A diretora Juliana Rojas foi a vencedora do prêmio de Melhor Direção na mostra Encounters da 74ª edição do Festival de Berlim, também conhecido como Berlinale. O filme, Cidade; Campo, com o qual a diretora concorreu, teve sua estreia mundial na competição e o lançamento no Brasil está previsto para acontecer ainda neste ano, mas ainda sem data definida.

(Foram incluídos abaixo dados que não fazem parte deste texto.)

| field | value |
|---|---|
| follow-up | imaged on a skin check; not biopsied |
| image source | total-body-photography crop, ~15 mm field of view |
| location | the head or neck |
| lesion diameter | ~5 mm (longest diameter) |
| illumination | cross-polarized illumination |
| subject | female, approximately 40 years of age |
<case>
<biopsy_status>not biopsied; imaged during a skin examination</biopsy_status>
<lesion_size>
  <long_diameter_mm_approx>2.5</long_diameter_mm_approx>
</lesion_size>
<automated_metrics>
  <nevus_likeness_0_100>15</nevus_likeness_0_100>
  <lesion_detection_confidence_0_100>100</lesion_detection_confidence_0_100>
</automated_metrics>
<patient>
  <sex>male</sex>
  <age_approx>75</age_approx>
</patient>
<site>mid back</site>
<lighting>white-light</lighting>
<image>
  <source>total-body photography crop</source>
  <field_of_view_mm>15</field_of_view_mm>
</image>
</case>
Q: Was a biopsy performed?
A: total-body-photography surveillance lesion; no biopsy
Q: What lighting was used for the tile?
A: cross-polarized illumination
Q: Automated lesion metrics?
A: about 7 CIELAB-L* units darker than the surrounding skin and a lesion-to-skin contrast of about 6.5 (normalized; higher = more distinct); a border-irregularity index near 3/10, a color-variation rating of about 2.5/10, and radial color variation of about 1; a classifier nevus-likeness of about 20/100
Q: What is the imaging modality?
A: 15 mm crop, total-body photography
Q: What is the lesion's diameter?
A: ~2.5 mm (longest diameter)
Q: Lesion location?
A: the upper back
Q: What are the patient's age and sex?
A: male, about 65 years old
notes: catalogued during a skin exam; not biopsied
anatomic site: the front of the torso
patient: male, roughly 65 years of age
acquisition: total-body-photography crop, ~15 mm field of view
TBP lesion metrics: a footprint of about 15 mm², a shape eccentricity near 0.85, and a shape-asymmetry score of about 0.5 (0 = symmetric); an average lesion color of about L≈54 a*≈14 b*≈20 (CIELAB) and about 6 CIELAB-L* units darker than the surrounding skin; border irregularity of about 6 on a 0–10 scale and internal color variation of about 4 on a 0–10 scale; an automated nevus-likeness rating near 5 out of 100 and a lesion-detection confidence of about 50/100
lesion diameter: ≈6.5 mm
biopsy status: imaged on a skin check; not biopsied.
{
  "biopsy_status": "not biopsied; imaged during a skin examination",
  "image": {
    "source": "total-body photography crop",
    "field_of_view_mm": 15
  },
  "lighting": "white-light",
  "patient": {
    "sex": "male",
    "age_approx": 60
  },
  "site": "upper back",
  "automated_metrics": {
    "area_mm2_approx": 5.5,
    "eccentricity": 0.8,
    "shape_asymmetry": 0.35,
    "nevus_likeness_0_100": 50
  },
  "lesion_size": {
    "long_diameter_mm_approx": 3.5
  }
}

O filme tem no elenco Bruna Linzmeyer, Marcela Vianna e Mirella Façanha e teve durante todo o Berlinale sessões lotadas. Cidade; Campo traz um olhar e uma proposta diferenciada em relação à nossa mitologia brasileira, trata de questões sociais e seus contrastes entre a cidade e o campo, aborda também questões migratórias e de gênero e traz como diferencial ter uma equipe exclusivamente composta de mulheres, que inclui Sara Silveira e Maria Ionescu (produção), Cris Lyra e Alice Andrade Drummond (direção de fotografia), Juliana Lobo e Daniela Aldrovani (direção de arte), Cristina Amaral (montagem) e Rita Zart (música).

Confira, abaixo, a entrevista exclusiva com a diretora Juliana Rojas, realizada em Berlim no dia da premiação.

Hebert Neri entrevista Juliana Rojas em Berlim (Foto: Mariana Fontes)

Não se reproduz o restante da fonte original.